Wanneer er geen Erkende Maatregelenlijst beschikbaar is of een bedrijf ervoor kiest om de lijst niet te gebruiken9, moet het bedrijf zelf alle toepasselijke maatregelen met een terugverdientijd van vijf jaar of minder voor zijn bedrijf bepalen. Bij bedrijven met een energieverbruik vanaf 200.000 kWh of 75.000 m3aardgas(equivalent) per jaar kan het bevoegd gezag hiervoor een energiebesparingsonderzoek eisen, mits daar aanleiding toe bestaat.
Verbreden besparingsplicht met CO2-reductie
De energiebesparingsplicht wordt verbreed met de verplichting om – naast energiebesparende maatregelen – ook andere CO2-reducerende maatregelen te nemen waarvan de terugverdientijd binnen de vijf jaar valt.
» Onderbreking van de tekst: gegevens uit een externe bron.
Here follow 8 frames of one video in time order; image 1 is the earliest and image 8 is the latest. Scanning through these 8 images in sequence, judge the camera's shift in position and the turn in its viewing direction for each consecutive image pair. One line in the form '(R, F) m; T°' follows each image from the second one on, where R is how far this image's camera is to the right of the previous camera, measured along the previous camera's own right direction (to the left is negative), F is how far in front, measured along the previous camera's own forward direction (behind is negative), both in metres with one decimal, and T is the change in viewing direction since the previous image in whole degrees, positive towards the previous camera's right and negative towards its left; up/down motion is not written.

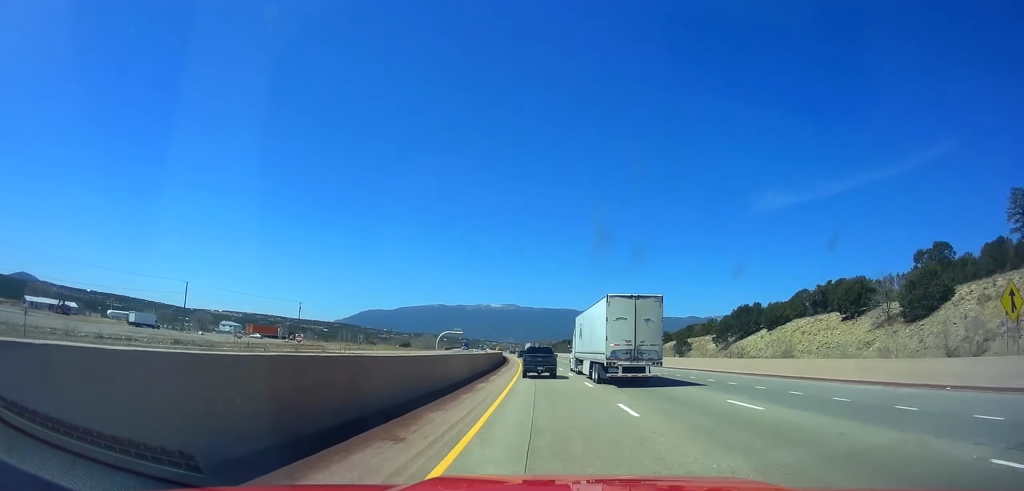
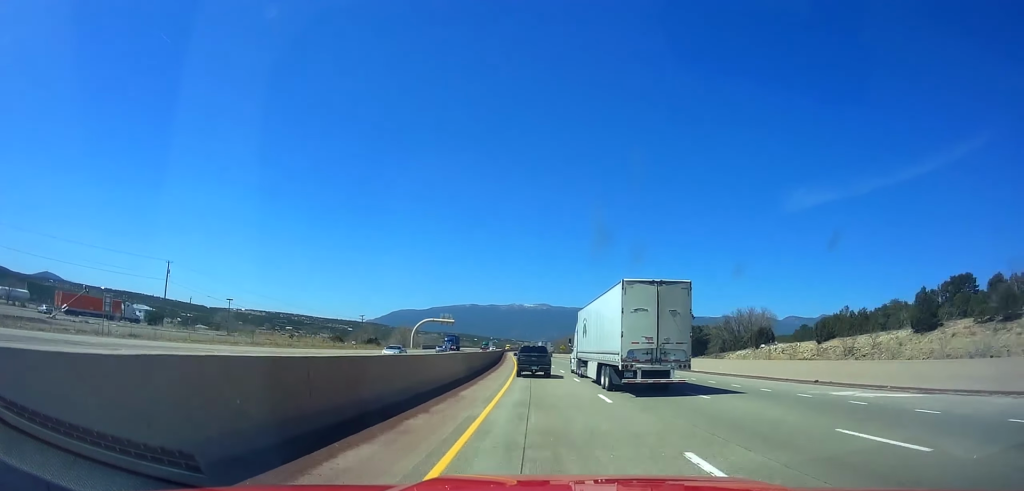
(-2.7, +89.4) m; -4°
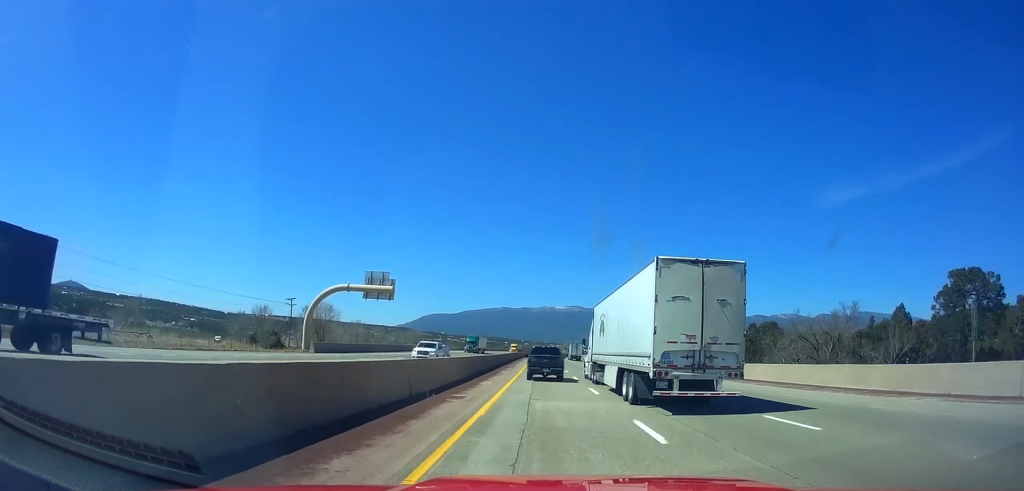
(-2.0, +78.5) m; -2°
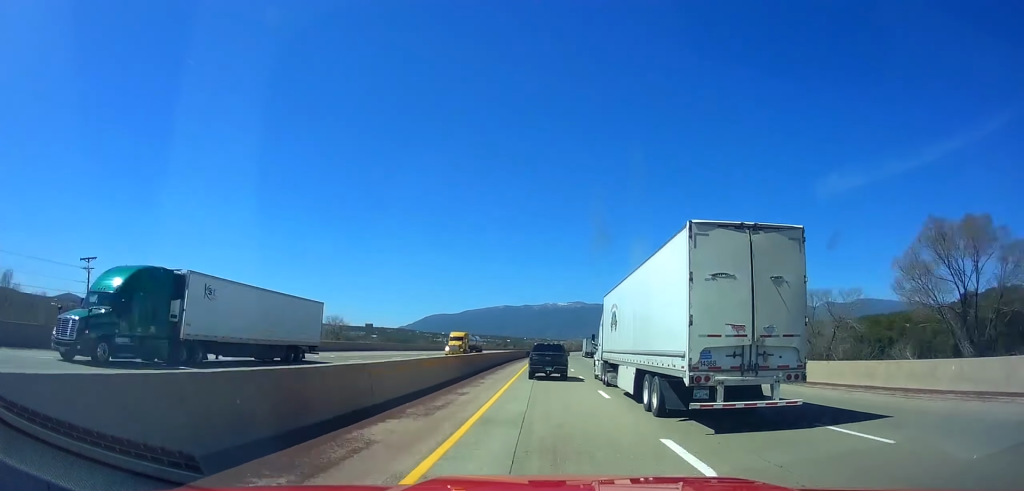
(-2.0, +63.1) m; -1°
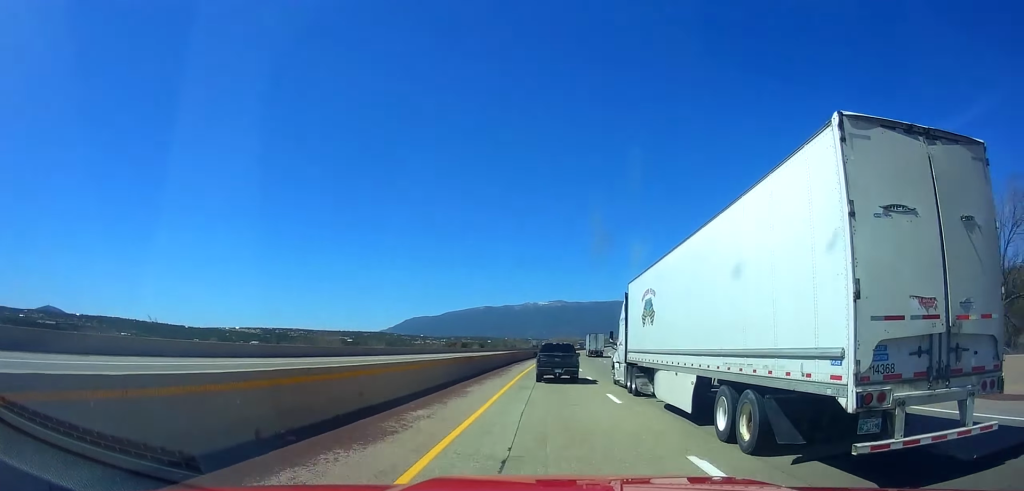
(+0.8, +73.6) m; +1°
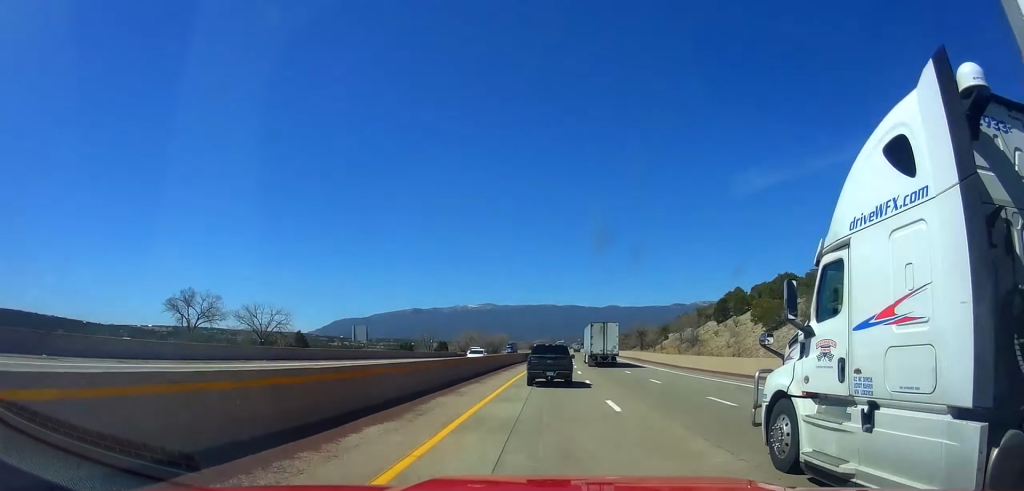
(+6.9, +170.2) m; +5°
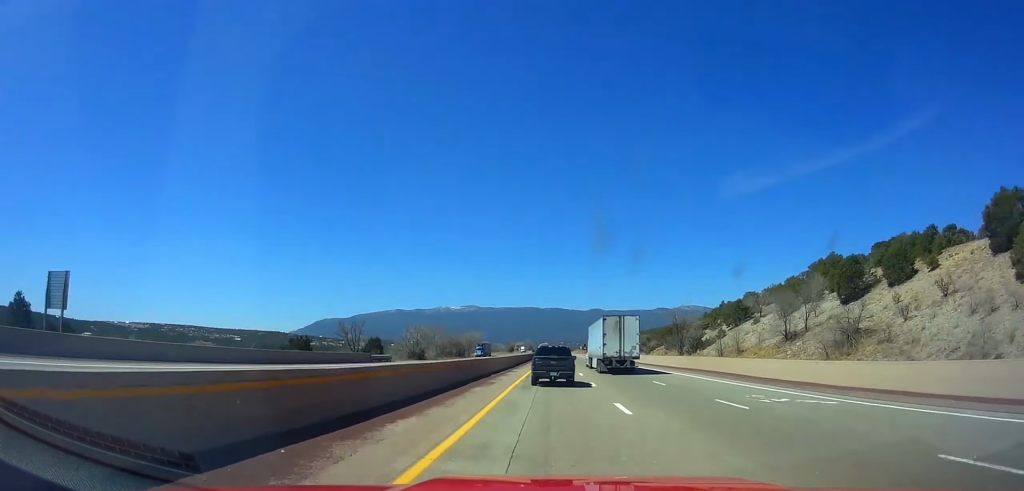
(+0.9, +49.8) m; +2°
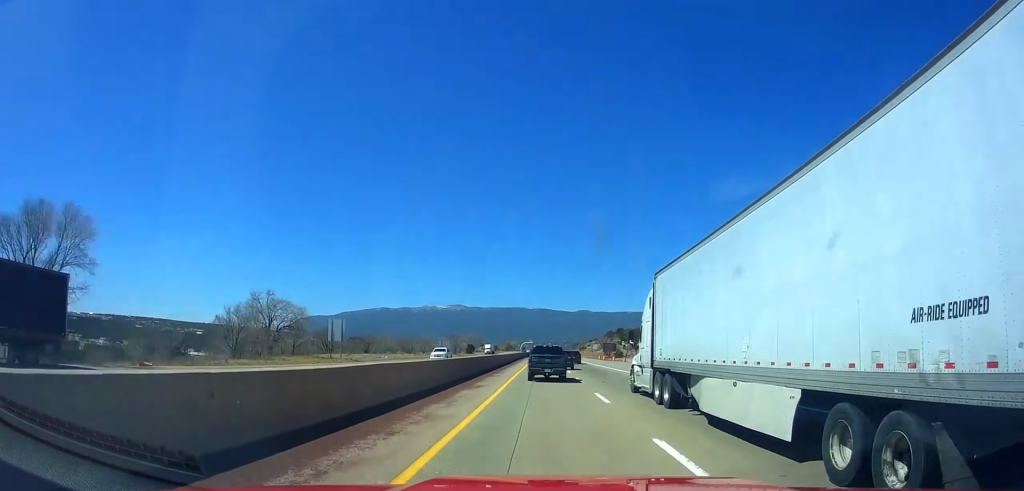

Hierbij wordt – net als bij andere erkende maatregelen – rekening gehouden met een aantal randvoorwaarden, zoals de potentie voor CO2-reductie, de technische en economische randvoorwaarden en andere regelgeving (bijvoorbeeld veiligheid).
Daarnaast worden zonnepanelen alleen op daken en op ongebruikte oppervlakken in de gebouwde omgeving verplicht gesteld. Dit is in overeenstemming met de uitgangspunten van de Zonneladder 201910 en voorkomt concurrentie met grond bestemd voor de natuur en landbouwgrond. In de berekening van de terugverdientijd wordt eigen hernieuwbare opwek opgenomen als de vermeden kosten voor inkoop van gas, warmte of elektriciteit (tot maximaal het eigen verbruik11). De inkomsten van het terug leveren van overschotten worden niet meegerekend12.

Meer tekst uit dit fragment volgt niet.